ASSIGNMENT →
Which lines hold the word "there"? Copy each of them from the material.

DATA EXTRACTS →

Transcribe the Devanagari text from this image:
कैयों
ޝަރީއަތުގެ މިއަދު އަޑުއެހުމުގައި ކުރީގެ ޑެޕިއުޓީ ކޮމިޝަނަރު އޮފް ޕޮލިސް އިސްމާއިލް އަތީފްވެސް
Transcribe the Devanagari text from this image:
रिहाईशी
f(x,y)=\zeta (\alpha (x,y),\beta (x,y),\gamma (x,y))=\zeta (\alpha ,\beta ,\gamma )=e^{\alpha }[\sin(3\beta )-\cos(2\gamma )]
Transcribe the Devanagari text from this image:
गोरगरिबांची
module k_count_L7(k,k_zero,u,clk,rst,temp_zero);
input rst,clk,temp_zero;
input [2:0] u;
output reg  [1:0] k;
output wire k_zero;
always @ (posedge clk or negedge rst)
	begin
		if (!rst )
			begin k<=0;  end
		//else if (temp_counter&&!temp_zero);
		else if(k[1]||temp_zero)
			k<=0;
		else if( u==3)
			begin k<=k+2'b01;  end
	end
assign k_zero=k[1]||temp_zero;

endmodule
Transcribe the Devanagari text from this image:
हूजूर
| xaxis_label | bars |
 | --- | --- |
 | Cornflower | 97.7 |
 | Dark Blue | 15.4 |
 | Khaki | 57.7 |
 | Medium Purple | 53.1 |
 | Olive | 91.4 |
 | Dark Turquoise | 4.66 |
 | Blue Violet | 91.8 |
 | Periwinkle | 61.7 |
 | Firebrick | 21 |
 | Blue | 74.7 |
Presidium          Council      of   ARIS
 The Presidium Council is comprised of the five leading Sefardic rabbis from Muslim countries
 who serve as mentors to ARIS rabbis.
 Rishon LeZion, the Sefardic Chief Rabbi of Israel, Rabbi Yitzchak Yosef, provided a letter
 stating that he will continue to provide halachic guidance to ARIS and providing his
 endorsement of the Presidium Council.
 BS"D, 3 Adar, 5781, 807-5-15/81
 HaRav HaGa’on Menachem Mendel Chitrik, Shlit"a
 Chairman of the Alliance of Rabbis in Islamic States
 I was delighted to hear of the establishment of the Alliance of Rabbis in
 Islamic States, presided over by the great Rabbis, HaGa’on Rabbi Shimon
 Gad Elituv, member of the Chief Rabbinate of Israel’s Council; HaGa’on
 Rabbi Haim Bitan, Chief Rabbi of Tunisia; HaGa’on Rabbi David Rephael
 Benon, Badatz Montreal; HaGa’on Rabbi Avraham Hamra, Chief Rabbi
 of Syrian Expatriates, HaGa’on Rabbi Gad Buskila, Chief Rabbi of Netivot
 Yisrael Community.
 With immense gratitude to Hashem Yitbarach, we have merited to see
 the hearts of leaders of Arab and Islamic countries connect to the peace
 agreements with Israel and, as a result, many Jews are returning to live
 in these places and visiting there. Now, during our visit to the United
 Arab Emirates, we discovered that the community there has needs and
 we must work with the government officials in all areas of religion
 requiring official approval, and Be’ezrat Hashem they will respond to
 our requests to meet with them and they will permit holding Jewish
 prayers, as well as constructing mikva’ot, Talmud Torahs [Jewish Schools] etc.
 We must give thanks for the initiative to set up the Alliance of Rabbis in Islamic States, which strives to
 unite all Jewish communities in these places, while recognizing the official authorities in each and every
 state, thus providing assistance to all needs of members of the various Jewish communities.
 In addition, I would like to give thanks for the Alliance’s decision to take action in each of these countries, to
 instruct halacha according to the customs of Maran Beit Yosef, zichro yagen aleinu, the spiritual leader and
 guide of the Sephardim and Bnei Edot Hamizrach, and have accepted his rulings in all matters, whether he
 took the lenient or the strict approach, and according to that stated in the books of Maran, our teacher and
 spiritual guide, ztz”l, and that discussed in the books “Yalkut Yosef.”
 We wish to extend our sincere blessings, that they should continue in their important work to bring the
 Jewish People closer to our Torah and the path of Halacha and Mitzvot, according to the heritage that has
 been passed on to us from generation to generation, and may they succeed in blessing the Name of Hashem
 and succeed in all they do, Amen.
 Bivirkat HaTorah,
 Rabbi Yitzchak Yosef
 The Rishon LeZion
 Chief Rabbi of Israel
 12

ANSWER SPACE →
 in these places and visiting there. Now, during our visit to the United
 Arab Emirates, we discovered that the community there has needs and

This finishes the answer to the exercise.